# Akita pup constantly biting



## sharp75 (Feb 19, 2012)

hi i have a 9 week American Akita pup and he constantly bites. if i stroke him he grabs my hand or wrist and if im walking around the house he clings to my trousers or shoes/socks. i have a 2 year old and he has marks allover his body from the bites and scratches so its really worrying me. they are never nasty bites they are mainly him playing but i dont know how to discipline him properly for it so i was hoping someone could let me kow if hell grow out of it and if theres a way i can get him to stop it before he gets much bigger.
can i just add that as he is 9 weeks old i cannot take him out for walks til he gets his next jabs so could the biting be down to him being bored being stuck in the house, and also does anyone know what food an akita is best to have and to avoid.


----------



## rocco33 (Dec 27, 2009)

It's all perfectly normal and shouldn't be dealt with by using discipline - have a read of this.

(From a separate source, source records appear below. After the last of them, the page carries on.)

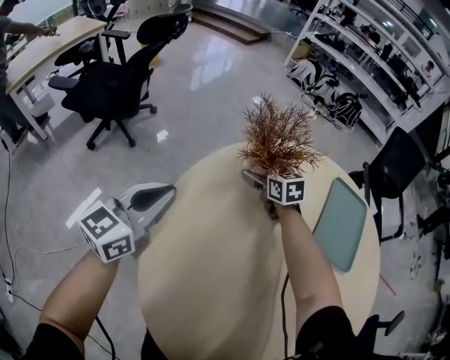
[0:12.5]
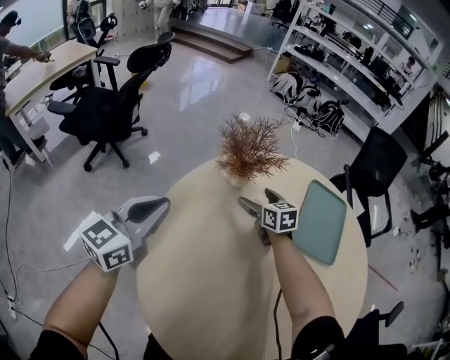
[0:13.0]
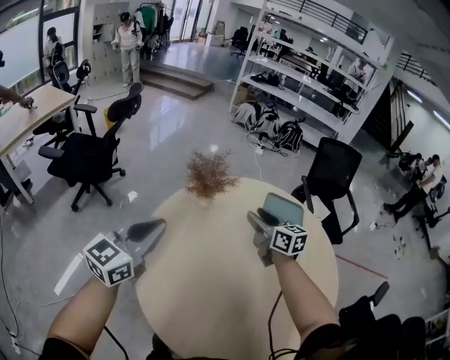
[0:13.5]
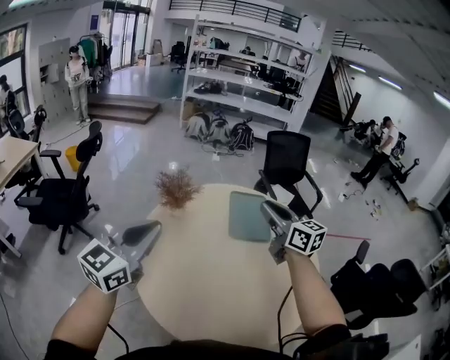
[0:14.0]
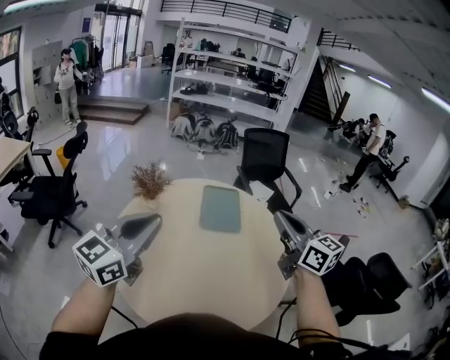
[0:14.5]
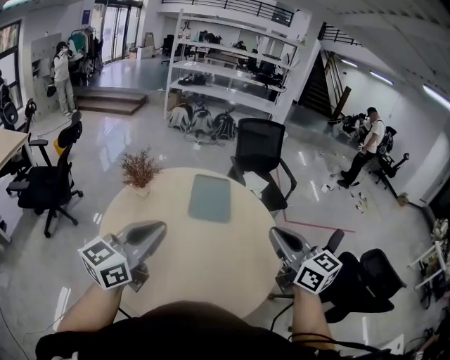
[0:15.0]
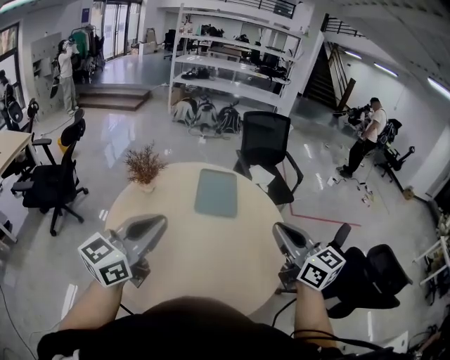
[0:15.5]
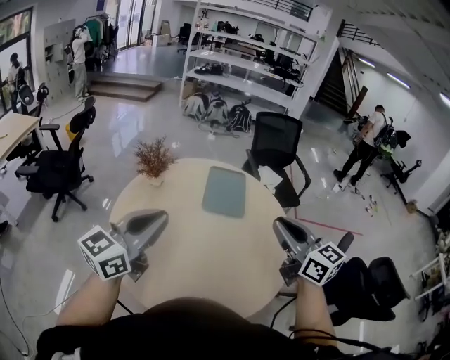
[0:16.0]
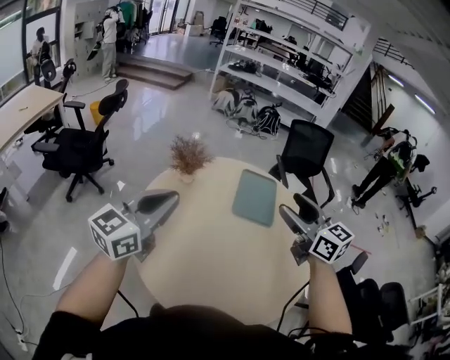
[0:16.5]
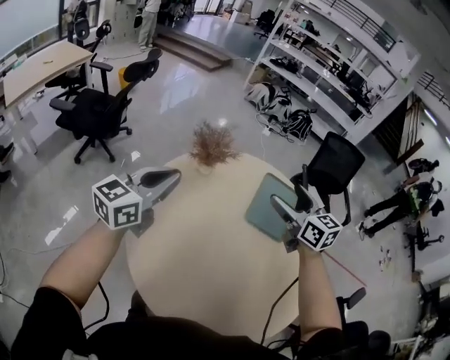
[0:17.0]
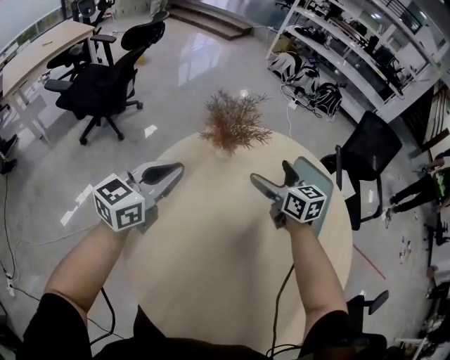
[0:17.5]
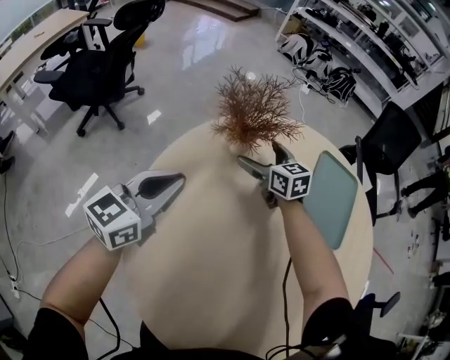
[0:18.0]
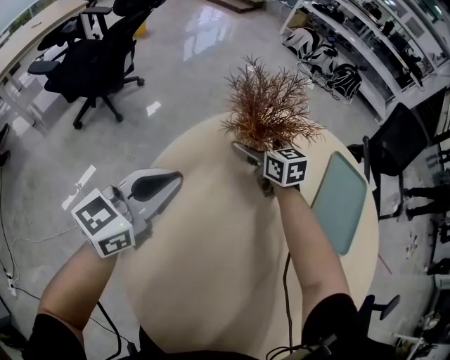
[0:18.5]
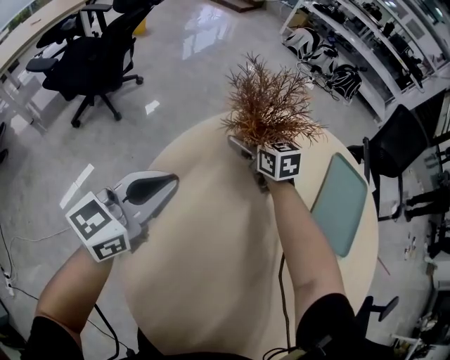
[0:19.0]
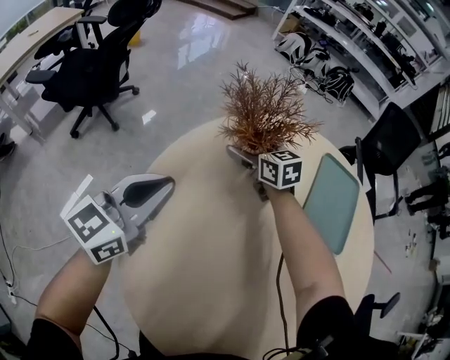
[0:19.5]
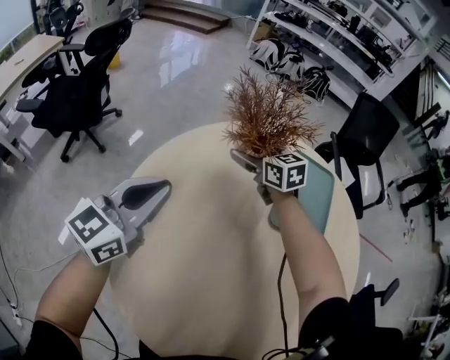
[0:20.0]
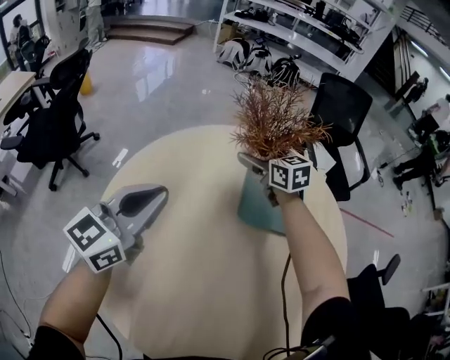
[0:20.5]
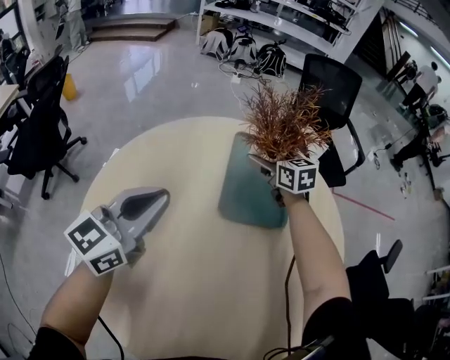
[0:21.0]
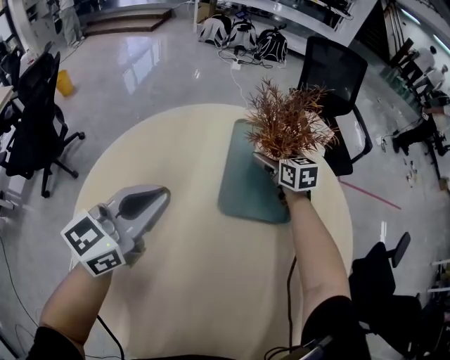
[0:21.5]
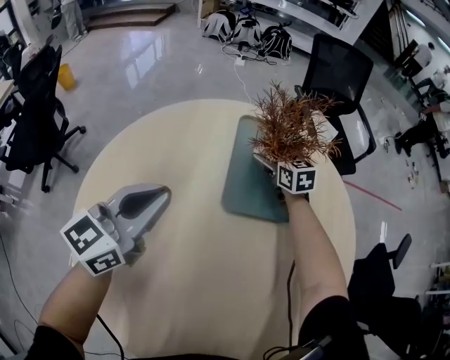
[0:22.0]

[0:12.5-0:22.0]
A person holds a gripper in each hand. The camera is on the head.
0:12.5 to 0:14.5: The left gripper moves upward, backward and to the right, some 50 cm, and changes its angle by roughly 30 degrees. The right gripper moves upward, backward and to the right, roughly 80 cm, tilts its fingers roughly 40 degrees upward, and closes its fingers.
0:14.5 to 0:16.5: The right gripper heads to the left and forward, covering about 10 cm, and opens up; the left gripper moves to the left and downward, about 10 cm.
0:16.5 to 0:18.0: The right gripper is displaced downward, forward and to the left by about 60 cm, rotates about 20 degrees, and opens up, while the left gripper is displaced downward and forward by about 40 cm.
0:18.0 to 0:20.0: The left gripper heads upward, covering roughly 5 cm; the right gripper is displaced upward and to the right by about 10 cm.
0:20.0 to 0:22.0: The right gripper goes roughly 30 cm to the right, and swivels about 20 degrees. Meanwhile the left gripper heads to the right, covering about 20 cm.

The Bite Stops Here by Dr Ian Dunbar


----------



## topaza (Dec 28, 2011)

my rottie pup does this as well, when told off she then starts to dance around the room barking at all and sundry and then wees on the carpet


----------



## happysaz133 (Jun 5, 2008)

My pup is 6 months old now, but she was really bad for biting. We were told to squeal, like other puppies would if bitten, but we found that excited her more. So we put a baby gate in the house, and every time she bit us, we said NO, got up, and put her on the other side of the baby gate. It took about 2 weeks before she really stopped, but I'm glad she did!


----------



## sharp75 (Feb 19, 2012)

iv noticed when i tell him off he gets more excited and bites more so the baby gate may be a good idea.


----------



## newfiesmum (Apr 21, 2010)

sharp75 said:


> iv noticed when i tell him off he gets more excited and bites more so the baby gate may be a good idea.


Of course he does; he is getting a reaction and it is all part of the game. All puppies bite, that is a fact. They bite their littermates, or their mother, and get told off for it by them. But with humans it is different. He will chase and bite anything that is moving, hence your feet, your hands.

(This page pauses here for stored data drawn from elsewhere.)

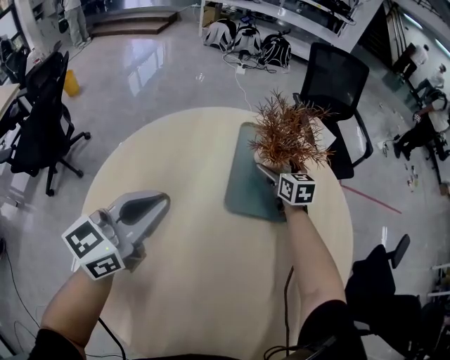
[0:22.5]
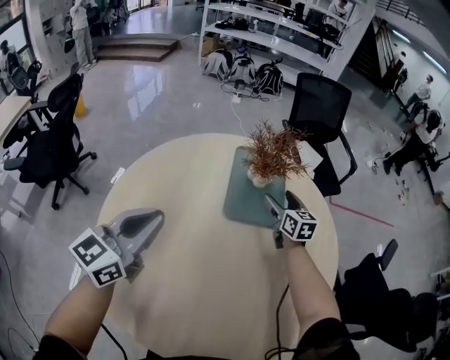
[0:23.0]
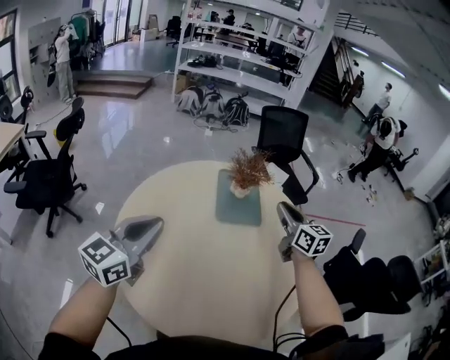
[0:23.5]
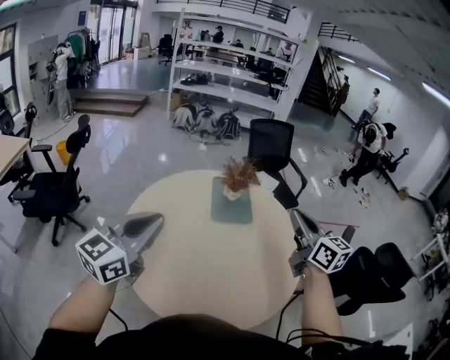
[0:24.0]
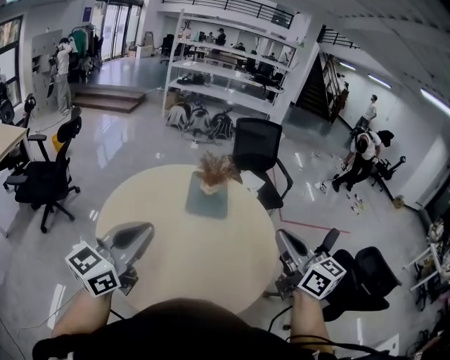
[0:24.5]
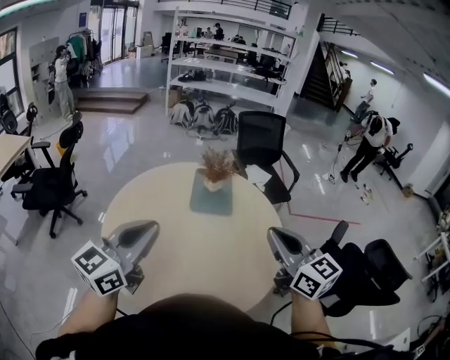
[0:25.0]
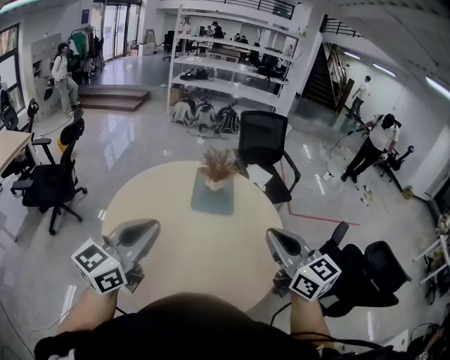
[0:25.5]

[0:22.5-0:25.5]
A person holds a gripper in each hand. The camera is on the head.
0:22.5 to 0:24.0: The right gripper goes approximately 60 cm upward and backward, swivels some 30 degrees, and closes up, while the left gripper shifts roughly 40 cm backward and upward.
0:24.0 to 0:25.5: The left gripper goes some 10 cm to the right. Meanwhile the right gripper shifts about 10 cm backward.

My best method has been to keep absolutely still. If you are not grabbing your hand away, you become boring and he will give up. If you pull your hand away, it becomes a toy for him to chase. However, this method will not work with a two year old.

Perhaps you should try a nylabone, get your little one to keep it with him and when the dog attempts to nip, to give him that instead. However, I do think the child is a bit young to do this. If the dog nips him, he will most likely scream, or dance about which makes the game even more exciting.

Do not leave the child alone with the puppy, ever, not even for a few minutes. I would keep the puppy on a short lead in the house where your child is, one of those umbilical cords which fit around your waist, so that where you go, the pup goes. Of course, he cannot climb stairs at his age; that would damage his joints but certainly he can downstairs.

A babygate across the kitchen doorway is an excellent idea to give him some time out and for somewhere safe for him when you cannot supervise.


----------



## Lola71 (Feb 23, 2011)

The idea of squealing like a pup when Molly mouthed us was recommended to us by our vet and for us it worked. We also did the staying still thing too, but usually stood up and away from her. 
Hope you get it sorted.


----------



## nomi_mewse (Feb 15, 2017)

sharp75 said:


> hi i have a 9 week American Akita pup and he constantly bites. if i stroke him he grabs my hand or wrist and if im walking around the house he clings to my trousers or shoes/socks. i have a 2 year old and he has marks allover his body from the bites and scratches so its really worrying me. they are never nasty bites they are mainly him playing but i dont know how to discipline him properly for it so i was hoping someone could let me kow if hell grow out of it and if theres a way i can get him to stop it before he gets much bigger.
> can i just add that as he is 9 weeks old i cannot take him out for walks til he gets his next jabs so could the biting be down to him being bored being stuck in the house, and also does anyone know what food an akita is best to have and to avoid.


hi ya, I know this post is a few years old but I was just wondering how you got on in the end?? as I'm in exactly the same position...our akita puppy is 9 weeks old and he's a lovely lovely boy but is just relentless with the nipping and grabbing at hands and feet when you try and stroke him or are walking around!! 
obviously I know hes only a baby and it's perfectly normal, I just need some tips on how to try stop the nipping as my daughter can't even get off the sofa when he's in playful mode as he just makes a b-line for her?!


----------



## Siskin (Nov 13, 2012)

It's unlikely the OP will answer as they haven't been back on the forum since the initial post.

Have a look in the dog chat or dog training and behaviour parts of the the forum, there seems to be several threads running currently about biting puppies which have been answered in detail and may of help to you

Alternatively start a new thread with your query


----------